Task: Throughout the listing below, copy each line containing "highlighted".

Supplied information:
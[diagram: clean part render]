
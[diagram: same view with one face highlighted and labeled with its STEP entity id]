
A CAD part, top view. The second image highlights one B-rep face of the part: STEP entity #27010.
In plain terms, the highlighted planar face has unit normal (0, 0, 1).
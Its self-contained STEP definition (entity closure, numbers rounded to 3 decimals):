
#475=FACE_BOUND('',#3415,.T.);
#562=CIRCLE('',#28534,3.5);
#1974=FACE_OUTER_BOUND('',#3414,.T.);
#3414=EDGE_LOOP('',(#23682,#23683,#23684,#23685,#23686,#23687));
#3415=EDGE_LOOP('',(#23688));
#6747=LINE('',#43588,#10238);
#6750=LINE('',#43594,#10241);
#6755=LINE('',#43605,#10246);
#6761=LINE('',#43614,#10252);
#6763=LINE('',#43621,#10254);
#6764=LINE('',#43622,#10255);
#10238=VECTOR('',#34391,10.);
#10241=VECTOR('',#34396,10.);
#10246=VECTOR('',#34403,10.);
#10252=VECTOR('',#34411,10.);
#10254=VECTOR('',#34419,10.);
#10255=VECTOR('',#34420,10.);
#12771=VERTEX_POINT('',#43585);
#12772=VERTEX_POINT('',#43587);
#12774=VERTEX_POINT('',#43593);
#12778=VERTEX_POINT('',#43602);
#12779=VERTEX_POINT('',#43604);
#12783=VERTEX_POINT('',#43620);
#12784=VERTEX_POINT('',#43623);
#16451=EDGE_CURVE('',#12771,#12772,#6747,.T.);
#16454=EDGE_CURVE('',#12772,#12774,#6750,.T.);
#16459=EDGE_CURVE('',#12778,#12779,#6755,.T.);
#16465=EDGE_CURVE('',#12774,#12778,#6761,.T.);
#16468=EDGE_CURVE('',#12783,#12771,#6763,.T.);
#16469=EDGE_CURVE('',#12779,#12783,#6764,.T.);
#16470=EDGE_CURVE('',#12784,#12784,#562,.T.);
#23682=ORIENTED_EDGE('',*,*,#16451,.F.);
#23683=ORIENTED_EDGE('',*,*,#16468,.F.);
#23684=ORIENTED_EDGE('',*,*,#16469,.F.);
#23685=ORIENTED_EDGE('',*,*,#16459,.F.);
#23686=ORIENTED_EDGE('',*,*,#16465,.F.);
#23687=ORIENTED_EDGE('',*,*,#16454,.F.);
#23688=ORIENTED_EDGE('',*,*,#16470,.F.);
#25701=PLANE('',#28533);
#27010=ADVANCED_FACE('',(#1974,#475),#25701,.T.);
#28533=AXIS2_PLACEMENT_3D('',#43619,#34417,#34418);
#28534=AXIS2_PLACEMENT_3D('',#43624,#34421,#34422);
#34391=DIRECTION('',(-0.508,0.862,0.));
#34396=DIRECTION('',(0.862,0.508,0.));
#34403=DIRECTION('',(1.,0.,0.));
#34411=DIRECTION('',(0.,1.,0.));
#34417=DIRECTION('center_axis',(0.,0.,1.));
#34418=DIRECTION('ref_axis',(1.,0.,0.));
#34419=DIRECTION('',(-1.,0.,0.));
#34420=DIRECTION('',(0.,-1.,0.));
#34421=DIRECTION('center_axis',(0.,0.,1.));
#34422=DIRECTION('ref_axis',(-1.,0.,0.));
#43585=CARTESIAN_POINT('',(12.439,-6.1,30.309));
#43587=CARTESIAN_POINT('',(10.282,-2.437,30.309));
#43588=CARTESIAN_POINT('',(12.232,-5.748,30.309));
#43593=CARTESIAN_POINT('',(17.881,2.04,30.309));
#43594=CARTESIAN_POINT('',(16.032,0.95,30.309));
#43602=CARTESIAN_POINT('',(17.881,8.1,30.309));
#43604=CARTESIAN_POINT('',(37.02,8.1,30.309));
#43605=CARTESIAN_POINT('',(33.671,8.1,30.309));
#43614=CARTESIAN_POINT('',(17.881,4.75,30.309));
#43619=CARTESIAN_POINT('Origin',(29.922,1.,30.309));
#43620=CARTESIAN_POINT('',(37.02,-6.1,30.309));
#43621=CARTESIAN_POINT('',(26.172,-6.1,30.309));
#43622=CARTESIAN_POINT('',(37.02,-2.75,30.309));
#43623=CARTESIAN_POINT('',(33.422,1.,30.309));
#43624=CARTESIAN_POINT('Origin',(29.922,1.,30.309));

Result of the exercise:
[diagram: same view with one face highlighted and labeled with its STEP entity id]
In plain terms, the highlighted planar face has unit normal (0, 0, 1).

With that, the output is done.